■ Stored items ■
========
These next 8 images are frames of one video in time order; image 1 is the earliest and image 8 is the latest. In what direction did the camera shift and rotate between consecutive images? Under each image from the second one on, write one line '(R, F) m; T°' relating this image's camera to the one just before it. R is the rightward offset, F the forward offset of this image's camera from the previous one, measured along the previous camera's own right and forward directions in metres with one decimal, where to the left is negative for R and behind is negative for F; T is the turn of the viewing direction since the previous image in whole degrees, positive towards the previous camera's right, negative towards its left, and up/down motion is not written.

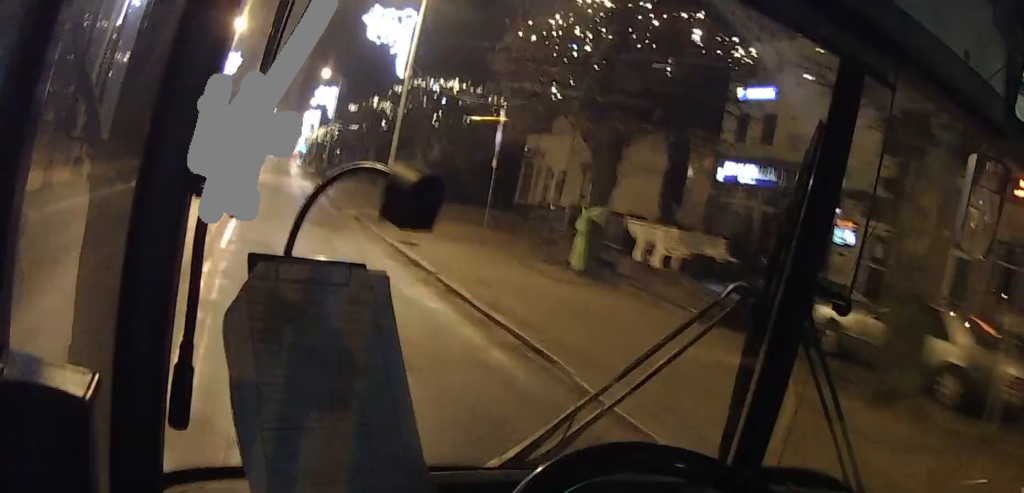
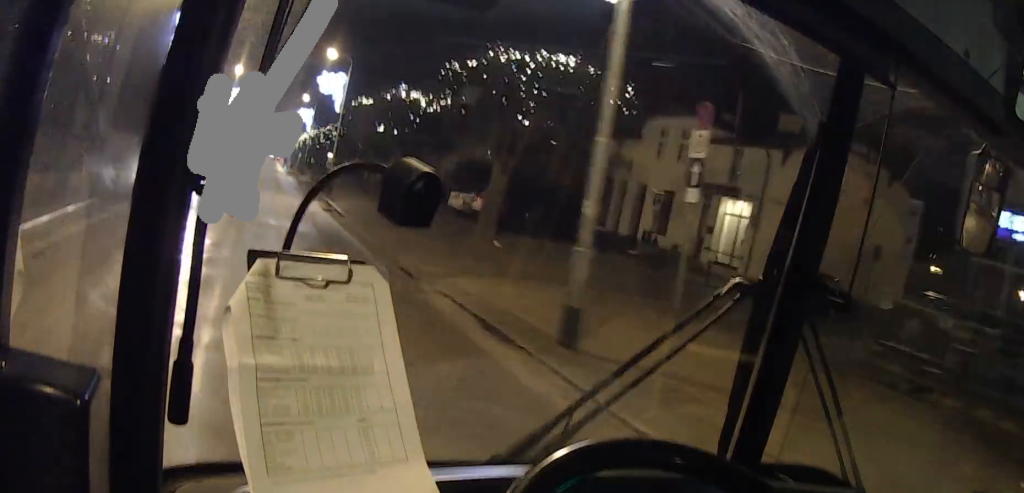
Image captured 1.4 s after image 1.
(+0.3, +12.9) m; +1°
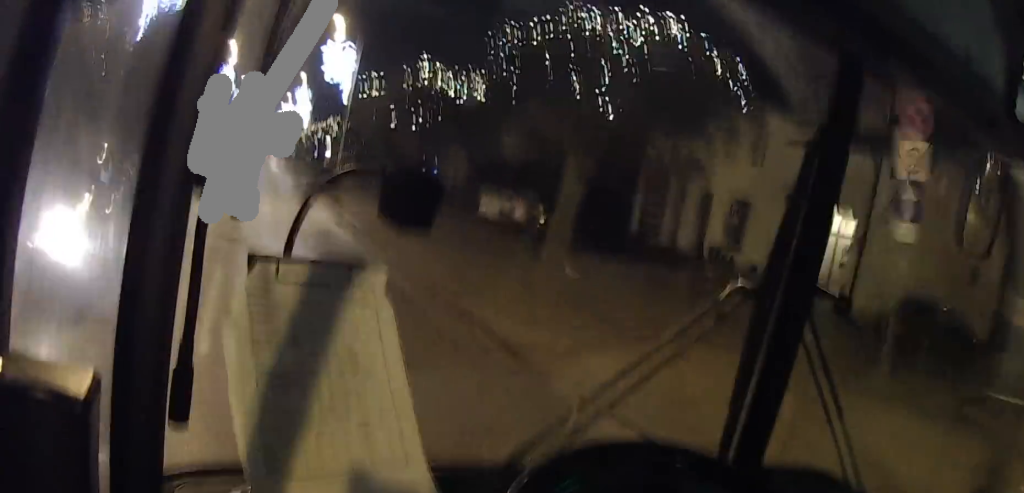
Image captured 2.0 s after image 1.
(0.0, +5.6) m; 0°
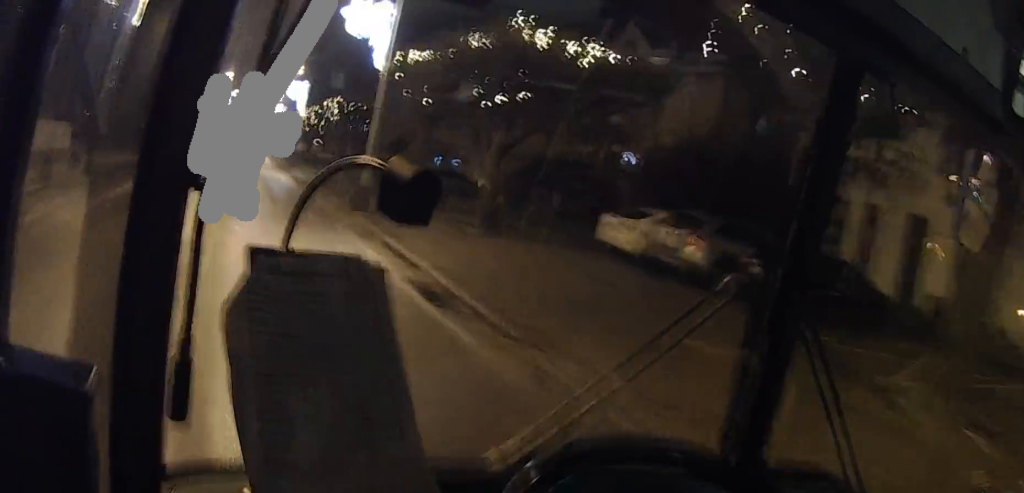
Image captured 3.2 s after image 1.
(0.0, +11.4) m; 0°
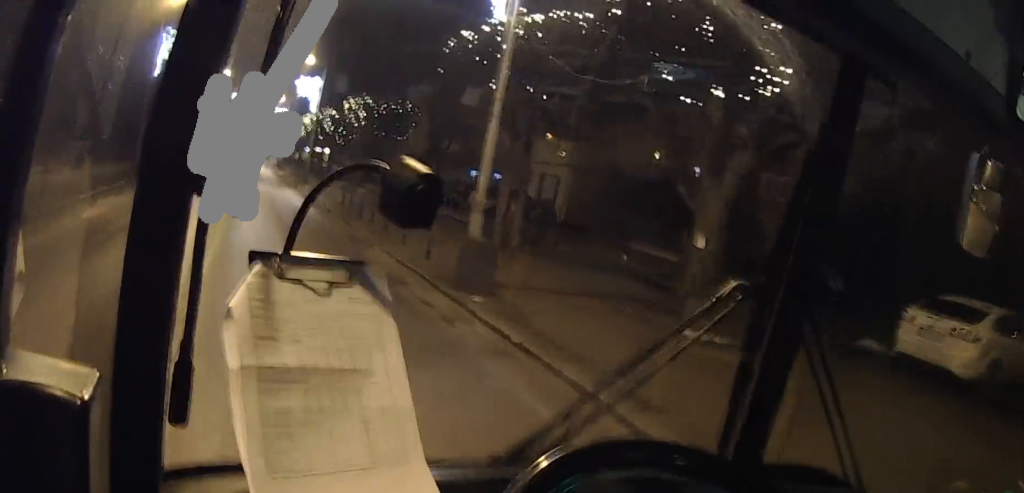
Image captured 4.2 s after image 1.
(0.0, +9.9) m; 0°
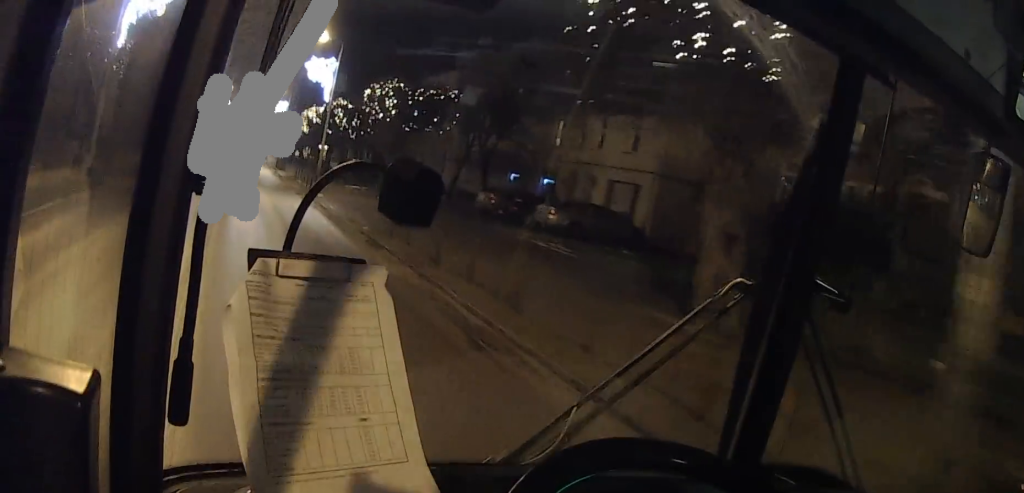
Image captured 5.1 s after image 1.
(0.0, +8.5) m; +1°
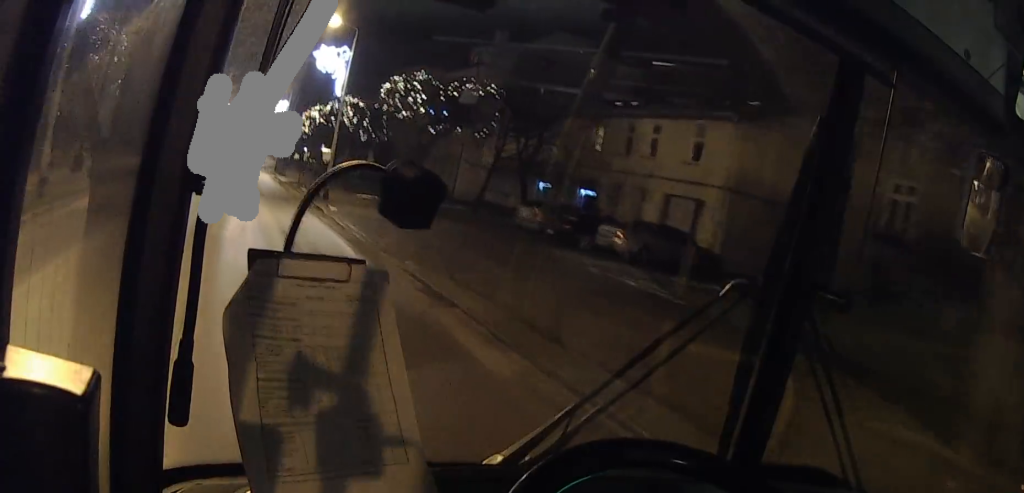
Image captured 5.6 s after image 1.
(0.0, +5.0) m; +1°
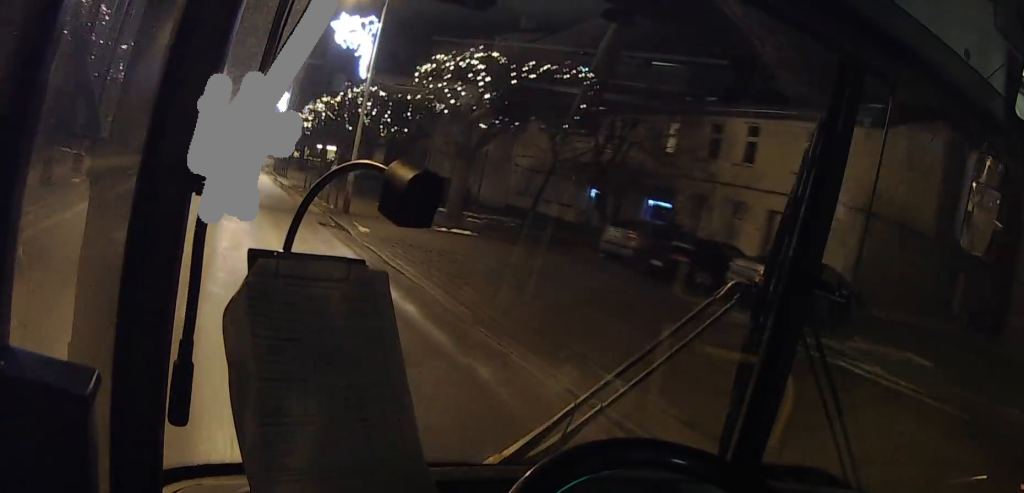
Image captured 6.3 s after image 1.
(+0.1, +6.8) m; 0°
========
■ Exercise brief ■
In the entries above, find the line containing "Image captured 4.2 s after image 1.". Transcribe it and every later line to the end, exactly, and leave out the pictures.

■ Completed task ■
Image captured 4.2 s after image 1.
(0.0, +9.9) m; 0°
Image captured 5.1 s after image 1.
(0.0, +8.5) m; +1°
Image captured 5.6 s after image 1.
(0.0, +5.0) m; +1°
Image captured 6.3 s after image 1.
(+0.1, +6.8) m; 0°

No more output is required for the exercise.